The goal of this project is to build a social network of the characters appearing in a finite corpus of digital documents, as well as exploring the structure of the obtained social network.
As a first step, the student(s) will elaborate algorithms retrieving information about the social relationships between entities identified as network nodes (persons, characters, places). This will be done through an automatized mining of text documents (text files or web pages). During the second step, the student(s) will record every meaningful relation in a network database. This will require to develop tools to extract semantic information from the corpus. At last, the student(s) will present a web-interactive visualisation of the network. The student(s) are expected to take part in all the three steps above. After a literature review, they will implement and test different methods, and suggest improvements based on the results.
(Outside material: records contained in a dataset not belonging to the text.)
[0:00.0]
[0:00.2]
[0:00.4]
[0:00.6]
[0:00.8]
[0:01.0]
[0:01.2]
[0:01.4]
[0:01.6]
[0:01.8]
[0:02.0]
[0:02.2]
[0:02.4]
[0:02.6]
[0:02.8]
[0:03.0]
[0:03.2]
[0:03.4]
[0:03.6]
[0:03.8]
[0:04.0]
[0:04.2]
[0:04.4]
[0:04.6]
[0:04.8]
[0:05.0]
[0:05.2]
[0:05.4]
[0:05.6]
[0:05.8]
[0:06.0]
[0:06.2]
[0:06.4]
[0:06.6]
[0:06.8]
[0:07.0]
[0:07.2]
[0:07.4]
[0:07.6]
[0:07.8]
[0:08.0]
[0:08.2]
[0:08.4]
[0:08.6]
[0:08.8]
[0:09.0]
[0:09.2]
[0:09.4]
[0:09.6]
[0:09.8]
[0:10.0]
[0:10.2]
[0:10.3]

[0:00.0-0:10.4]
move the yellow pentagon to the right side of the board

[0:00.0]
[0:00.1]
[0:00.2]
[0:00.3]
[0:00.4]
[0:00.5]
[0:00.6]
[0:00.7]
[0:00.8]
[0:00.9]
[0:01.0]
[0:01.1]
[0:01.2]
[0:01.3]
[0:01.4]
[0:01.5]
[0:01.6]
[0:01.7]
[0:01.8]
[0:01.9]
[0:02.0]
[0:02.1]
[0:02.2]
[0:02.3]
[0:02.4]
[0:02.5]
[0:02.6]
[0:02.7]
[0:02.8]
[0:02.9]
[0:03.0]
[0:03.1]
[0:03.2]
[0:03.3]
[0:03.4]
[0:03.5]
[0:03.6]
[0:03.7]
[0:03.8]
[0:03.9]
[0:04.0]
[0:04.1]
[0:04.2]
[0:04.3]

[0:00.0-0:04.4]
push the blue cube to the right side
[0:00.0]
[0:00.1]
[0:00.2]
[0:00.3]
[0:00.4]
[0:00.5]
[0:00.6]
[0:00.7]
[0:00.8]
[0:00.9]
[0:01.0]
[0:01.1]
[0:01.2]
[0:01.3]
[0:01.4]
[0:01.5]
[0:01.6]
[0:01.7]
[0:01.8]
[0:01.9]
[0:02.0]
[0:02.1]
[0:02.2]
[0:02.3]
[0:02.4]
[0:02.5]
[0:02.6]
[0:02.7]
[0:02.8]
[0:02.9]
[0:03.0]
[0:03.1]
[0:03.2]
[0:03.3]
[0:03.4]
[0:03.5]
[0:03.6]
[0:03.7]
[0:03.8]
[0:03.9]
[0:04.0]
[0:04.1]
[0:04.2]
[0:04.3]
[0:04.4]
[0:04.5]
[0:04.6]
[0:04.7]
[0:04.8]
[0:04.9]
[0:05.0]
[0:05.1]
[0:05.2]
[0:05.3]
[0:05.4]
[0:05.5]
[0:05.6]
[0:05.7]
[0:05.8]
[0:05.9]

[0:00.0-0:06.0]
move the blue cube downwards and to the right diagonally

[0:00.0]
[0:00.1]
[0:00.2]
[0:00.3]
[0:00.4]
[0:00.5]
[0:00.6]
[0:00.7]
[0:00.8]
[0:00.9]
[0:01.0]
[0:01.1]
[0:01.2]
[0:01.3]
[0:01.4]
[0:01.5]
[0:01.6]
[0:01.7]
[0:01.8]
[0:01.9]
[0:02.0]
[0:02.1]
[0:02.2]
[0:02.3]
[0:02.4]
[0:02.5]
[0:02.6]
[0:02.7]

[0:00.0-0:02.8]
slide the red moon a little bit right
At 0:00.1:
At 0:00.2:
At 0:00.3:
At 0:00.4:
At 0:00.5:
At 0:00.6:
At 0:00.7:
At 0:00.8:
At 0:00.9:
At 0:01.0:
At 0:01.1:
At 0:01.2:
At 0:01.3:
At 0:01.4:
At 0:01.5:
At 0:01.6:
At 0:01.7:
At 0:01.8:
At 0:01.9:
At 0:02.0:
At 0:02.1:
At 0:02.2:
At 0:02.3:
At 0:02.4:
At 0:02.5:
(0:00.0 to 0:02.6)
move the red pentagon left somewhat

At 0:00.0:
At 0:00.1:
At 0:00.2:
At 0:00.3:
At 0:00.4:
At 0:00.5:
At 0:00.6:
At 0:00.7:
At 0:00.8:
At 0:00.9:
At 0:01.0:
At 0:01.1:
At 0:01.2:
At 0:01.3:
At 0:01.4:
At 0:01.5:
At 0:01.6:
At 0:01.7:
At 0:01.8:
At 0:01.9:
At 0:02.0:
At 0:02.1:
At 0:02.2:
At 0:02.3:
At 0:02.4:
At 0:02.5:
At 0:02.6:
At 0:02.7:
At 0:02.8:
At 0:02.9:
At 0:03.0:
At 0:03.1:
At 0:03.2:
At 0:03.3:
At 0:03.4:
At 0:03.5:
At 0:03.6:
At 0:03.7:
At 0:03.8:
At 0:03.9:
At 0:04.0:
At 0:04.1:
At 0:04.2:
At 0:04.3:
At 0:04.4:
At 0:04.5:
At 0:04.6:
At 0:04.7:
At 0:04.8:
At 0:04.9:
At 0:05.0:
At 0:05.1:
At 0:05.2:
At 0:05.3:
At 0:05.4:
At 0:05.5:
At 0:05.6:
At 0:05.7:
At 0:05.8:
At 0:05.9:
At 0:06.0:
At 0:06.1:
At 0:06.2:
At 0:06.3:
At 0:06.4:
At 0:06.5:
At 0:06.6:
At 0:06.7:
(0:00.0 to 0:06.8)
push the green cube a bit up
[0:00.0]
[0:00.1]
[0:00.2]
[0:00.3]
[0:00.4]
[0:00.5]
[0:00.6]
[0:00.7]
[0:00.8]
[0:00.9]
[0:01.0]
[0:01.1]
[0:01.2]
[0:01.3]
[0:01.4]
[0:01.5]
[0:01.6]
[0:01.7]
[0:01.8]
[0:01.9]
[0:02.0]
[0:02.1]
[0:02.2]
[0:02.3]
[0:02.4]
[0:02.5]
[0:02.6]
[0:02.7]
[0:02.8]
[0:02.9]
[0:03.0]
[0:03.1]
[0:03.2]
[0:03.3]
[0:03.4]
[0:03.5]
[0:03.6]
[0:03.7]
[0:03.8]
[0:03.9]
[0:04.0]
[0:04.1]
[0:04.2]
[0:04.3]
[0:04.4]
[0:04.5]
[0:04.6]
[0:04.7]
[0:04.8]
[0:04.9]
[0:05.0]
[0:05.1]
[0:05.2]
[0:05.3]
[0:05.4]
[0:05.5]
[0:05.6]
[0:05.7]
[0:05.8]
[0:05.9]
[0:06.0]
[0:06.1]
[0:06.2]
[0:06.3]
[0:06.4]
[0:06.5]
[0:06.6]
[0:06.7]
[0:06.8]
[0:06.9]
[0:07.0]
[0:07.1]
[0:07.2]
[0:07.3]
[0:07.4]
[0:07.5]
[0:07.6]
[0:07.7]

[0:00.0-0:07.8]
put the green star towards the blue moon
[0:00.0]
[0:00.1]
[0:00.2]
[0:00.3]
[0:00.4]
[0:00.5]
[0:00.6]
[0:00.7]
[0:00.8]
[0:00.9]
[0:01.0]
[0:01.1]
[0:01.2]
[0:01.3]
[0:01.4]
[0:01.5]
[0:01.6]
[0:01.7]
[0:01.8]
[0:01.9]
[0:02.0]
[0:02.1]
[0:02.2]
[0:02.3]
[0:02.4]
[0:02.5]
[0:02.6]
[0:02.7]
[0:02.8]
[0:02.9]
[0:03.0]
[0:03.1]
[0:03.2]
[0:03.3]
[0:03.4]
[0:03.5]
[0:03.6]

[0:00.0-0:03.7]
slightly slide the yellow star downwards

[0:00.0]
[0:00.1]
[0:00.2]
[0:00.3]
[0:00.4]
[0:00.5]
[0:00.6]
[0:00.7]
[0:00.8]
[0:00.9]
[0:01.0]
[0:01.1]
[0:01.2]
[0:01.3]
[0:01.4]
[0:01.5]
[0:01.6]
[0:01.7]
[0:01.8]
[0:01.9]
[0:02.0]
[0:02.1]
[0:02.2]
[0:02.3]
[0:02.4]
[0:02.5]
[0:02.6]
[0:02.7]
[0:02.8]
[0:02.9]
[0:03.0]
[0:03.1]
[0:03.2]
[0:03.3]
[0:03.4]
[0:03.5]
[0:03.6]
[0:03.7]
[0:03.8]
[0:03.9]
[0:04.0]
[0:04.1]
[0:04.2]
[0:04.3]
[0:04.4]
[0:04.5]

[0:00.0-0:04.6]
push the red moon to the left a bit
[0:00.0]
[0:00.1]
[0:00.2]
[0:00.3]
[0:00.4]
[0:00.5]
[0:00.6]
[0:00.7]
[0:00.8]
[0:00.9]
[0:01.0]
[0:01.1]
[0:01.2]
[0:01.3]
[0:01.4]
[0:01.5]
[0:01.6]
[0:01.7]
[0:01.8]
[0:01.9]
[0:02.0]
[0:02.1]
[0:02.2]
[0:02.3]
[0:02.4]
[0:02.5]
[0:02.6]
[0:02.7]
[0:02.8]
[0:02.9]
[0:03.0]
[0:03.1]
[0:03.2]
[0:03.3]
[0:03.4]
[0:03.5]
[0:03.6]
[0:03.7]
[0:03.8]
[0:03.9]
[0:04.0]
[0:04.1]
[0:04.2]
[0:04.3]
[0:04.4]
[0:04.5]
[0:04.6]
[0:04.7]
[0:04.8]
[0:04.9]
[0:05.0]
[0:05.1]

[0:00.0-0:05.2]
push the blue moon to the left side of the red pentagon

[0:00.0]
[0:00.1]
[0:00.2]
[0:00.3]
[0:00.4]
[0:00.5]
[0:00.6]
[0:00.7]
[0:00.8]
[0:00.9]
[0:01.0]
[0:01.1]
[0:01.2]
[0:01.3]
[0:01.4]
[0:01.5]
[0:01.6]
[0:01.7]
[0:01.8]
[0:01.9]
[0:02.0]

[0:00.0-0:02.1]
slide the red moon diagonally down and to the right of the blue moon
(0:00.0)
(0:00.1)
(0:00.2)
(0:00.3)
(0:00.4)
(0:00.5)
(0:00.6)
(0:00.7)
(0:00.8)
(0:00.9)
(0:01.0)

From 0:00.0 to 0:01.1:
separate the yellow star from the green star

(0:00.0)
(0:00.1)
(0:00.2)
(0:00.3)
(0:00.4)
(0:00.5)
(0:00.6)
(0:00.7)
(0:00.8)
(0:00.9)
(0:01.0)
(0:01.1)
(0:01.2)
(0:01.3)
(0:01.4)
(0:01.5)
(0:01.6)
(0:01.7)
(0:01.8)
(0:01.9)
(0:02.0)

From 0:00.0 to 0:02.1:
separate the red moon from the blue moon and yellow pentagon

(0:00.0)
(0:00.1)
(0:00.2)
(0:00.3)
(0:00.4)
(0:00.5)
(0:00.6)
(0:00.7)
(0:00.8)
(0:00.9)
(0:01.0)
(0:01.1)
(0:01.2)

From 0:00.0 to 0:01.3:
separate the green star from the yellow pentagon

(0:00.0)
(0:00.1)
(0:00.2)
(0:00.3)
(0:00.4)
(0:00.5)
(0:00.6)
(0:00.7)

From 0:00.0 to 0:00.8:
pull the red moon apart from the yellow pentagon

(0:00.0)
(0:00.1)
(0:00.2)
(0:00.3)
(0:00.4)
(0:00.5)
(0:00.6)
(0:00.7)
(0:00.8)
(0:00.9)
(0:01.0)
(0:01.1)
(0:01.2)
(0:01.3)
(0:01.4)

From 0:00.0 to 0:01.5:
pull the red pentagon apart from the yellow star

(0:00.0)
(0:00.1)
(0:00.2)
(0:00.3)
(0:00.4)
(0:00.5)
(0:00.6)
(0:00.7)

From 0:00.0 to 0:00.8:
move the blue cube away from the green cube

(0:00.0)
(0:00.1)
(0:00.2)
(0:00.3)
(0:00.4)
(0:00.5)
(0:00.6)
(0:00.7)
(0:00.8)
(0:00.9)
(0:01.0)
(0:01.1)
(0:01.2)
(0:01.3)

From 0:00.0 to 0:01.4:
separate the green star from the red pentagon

The possible corpus is the fictional universe of Star Wars and the relations between characters. In this case, the Wookieepedia database will be the corpus. There, each character is described by a bio that can be used as starting points for the data mining. With its thousands of characters, the analysis of the Star Wars network is a good case study. The project will lead to a procedure that permits to extract and study social relationships from any texts and documents. The Lab has such projects like the Venice Time Machine on rails (analysis of the archives of Venice over several centuries).
Skills required: Strong programming skills (to be discussed): Python (part 1 & 2) or JVM-based languages (part 1 & 2), Web technologies (part 3). Prior experience with databases (SQL, and/or NoSQL), knowledge of graph databases will be a plus. Interests in semantic web, visualization.